Dissimilar PTH, gastrin, and ionized calcium response to oral peptones in normocalcemic primary hyperparathyroidism, hypercalcemic primary hyperparathyroidism and normal subjects
Maurizio Bevilacqua1, Marco Invernizzi2, Stefano Carda2 & Carlo Cisari2,3
It has been hypothesized that primary hyperparathyroidism (PH) has a biphasic disease course. During the first phase hypercalcemia is not yet present. Subsequently, the second phase starts with the development of hypercalcemia. In an attempt to identify differences in the calcium regulating hormonal handling in the clinical setting, we evaluated the hormonal responses of gastrin, PTH, phosphate and ionized calcium to oral peptones (a mixture containing L-amino acids with known CaSR-activation properties) in patients with normocalcemic PH (PH-N) and hypercalcemic PH (PH-H) compared to a control group of healthy subjects.
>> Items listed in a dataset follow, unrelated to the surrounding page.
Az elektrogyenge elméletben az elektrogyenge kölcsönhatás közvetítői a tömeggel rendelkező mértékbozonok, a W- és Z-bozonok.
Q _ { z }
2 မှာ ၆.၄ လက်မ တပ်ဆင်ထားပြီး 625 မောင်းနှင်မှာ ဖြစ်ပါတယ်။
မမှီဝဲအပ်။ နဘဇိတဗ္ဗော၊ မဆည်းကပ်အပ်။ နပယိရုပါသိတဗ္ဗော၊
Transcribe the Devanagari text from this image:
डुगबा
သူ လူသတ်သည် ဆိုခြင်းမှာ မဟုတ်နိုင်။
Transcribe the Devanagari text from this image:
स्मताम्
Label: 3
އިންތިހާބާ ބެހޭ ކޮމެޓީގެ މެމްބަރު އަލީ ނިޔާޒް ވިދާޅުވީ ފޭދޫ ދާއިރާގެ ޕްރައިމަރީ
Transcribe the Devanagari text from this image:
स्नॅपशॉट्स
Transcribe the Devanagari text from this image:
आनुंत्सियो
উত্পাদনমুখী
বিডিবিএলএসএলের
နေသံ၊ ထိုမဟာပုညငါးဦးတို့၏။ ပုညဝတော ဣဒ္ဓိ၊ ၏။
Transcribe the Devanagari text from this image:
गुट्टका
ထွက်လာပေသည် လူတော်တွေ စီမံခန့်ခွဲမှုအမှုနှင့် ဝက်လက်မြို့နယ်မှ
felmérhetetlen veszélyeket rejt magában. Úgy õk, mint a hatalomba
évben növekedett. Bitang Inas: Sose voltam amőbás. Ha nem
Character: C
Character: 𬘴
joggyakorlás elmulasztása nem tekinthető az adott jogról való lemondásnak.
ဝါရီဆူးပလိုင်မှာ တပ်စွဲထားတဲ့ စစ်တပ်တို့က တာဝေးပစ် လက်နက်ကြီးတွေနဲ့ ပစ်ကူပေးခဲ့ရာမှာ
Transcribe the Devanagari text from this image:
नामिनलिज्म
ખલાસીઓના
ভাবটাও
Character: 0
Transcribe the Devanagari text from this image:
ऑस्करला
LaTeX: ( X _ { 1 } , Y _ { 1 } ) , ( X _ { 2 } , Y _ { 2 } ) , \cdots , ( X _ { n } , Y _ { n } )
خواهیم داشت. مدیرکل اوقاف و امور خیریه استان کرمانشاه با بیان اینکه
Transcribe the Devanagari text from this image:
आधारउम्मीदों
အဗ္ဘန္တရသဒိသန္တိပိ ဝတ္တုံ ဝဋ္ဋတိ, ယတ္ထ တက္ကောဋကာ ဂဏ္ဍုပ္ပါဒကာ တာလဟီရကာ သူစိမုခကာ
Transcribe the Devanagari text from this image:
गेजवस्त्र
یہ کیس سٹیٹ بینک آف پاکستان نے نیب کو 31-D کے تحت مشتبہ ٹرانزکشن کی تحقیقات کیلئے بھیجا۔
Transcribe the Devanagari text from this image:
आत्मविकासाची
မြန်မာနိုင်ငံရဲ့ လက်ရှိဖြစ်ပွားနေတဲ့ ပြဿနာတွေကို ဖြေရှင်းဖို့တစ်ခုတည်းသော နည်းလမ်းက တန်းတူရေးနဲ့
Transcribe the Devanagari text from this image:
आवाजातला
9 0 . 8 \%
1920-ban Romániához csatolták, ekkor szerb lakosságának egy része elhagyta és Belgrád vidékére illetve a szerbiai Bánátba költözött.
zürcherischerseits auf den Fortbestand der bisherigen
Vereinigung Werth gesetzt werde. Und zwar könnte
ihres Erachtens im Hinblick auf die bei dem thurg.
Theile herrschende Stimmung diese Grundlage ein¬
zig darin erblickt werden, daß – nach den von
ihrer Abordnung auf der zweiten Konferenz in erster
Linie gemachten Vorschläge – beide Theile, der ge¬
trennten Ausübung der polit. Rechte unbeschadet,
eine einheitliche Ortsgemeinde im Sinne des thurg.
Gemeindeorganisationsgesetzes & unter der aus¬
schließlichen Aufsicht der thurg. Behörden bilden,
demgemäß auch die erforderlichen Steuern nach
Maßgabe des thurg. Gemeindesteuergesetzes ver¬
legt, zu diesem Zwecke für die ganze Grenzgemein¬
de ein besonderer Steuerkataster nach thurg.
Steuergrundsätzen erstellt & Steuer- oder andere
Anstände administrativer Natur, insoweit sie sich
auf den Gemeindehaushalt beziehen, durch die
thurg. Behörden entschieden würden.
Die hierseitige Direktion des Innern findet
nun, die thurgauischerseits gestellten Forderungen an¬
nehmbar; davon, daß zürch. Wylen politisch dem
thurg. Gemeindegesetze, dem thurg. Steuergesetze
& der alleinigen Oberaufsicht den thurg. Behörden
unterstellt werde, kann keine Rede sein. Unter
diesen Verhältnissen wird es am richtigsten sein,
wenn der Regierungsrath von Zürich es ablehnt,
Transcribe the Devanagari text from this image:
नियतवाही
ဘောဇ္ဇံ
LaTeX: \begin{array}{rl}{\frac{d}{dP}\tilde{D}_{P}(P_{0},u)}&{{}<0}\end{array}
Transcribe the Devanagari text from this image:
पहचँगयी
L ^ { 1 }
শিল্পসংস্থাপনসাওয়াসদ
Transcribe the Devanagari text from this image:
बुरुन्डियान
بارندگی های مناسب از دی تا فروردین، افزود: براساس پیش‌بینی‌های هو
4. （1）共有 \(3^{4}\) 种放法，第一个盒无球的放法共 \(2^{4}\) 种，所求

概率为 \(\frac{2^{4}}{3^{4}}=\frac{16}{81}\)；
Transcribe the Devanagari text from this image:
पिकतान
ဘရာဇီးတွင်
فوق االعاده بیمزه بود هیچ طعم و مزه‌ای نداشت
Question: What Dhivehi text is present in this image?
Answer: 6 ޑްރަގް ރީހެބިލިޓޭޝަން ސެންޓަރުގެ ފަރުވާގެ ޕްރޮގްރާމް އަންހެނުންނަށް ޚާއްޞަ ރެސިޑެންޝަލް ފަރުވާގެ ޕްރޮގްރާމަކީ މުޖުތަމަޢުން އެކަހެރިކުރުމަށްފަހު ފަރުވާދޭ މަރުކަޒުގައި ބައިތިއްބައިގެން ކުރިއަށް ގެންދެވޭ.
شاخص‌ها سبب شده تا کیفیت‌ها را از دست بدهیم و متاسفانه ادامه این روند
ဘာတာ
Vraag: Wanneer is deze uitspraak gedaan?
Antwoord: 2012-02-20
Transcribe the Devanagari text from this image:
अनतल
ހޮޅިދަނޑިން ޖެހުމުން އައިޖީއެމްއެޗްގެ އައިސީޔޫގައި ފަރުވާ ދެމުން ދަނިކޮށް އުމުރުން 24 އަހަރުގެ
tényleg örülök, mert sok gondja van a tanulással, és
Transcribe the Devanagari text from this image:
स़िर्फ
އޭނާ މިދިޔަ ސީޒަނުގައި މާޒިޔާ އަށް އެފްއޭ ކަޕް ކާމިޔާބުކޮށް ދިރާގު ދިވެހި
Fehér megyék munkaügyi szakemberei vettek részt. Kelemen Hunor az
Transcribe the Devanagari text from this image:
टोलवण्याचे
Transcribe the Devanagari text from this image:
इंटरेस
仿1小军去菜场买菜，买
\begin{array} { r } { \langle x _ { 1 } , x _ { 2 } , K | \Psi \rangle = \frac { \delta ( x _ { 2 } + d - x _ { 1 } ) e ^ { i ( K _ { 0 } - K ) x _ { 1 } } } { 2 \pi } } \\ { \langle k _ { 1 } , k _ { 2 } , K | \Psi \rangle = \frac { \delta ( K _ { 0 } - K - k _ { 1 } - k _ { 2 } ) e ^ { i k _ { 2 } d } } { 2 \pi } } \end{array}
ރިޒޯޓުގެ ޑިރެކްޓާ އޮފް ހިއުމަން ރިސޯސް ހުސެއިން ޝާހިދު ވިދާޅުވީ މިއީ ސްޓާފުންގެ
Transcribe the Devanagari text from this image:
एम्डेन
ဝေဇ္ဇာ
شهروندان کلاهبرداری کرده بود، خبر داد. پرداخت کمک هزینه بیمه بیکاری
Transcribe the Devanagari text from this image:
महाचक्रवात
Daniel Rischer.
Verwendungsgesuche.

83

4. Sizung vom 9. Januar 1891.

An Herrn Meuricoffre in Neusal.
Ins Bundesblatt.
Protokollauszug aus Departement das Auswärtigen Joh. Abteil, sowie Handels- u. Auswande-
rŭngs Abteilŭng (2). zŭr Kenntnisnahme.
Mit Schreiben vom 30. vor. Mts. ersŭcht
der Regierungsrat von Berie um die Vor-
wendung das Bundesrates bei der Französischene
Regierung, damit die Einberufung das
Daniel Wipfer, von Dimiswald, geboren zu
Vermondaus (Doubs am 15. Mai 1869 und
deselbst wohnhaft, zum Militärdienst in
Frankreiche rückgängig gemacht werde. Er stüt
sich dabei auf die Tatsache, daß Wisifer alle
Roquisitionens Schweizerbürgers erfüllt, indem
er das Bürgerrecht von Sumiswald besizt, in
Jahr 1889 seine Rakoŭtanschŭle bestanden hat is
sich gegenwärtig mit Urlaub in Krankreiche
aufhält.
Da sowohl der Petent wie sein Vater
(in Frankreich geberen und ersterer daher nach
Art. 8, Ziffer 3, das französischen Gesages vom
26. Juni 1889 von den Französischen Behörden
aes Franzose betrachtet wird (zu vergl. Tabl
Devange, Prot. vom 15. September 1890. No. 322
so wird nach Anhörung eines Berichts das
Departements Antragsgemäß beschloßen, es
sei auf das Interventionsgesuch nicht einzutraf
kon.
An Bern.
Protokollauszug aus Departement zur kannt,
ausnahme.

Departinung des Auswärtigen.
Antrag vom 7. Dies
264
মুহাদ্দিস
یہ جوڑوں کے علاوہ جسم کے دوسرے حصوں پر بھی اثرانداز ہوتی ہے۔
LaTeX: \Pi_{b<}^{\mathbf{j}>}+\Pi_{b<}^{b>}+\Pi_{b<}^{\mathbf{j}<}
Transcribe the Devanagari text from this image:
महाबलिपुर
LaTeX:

Fifteen PH-H patients, fifteen PH-N patients and 30 healthy controls were enrolled. Both controls and patients had normal renal function and normal 25(OH) vitamin D serum levels. The inclusion criteria for PH-N patients were: presence of high serum levels of intact PTH, serum ionized calcium levels in the high normality range and absence of potential causes of secondary hyperparathyroidism. All subjects performed a peptone-meal test (10 g Liebig meat extract diluted in 250 ml of 0.9% saline) and subsequent blood samples collected every 15 min for 2 h. Ionized calcium, phosphate, gastrin and PTH levels were evaluated.
PTH increased significantly at 60 and 90 min after oral peptone load in PH-H patients and ionized calcium significantly decreased in PH-H patients since 60 min from oral peptone load. Controls and PH-N didnt show significant modifications in PTH and ionized calcium serum levels. The increase in gastrin levels in PH-H patients was about one-half the one observed in PH-N and controls.
These data suggest that in PH-N patients the CaSR-dependent pathway is still preserved and produces responses similar to those of healthy subjects. However, in the later phase of the disease a disregulation occurs, leading to altered response to peptones meal.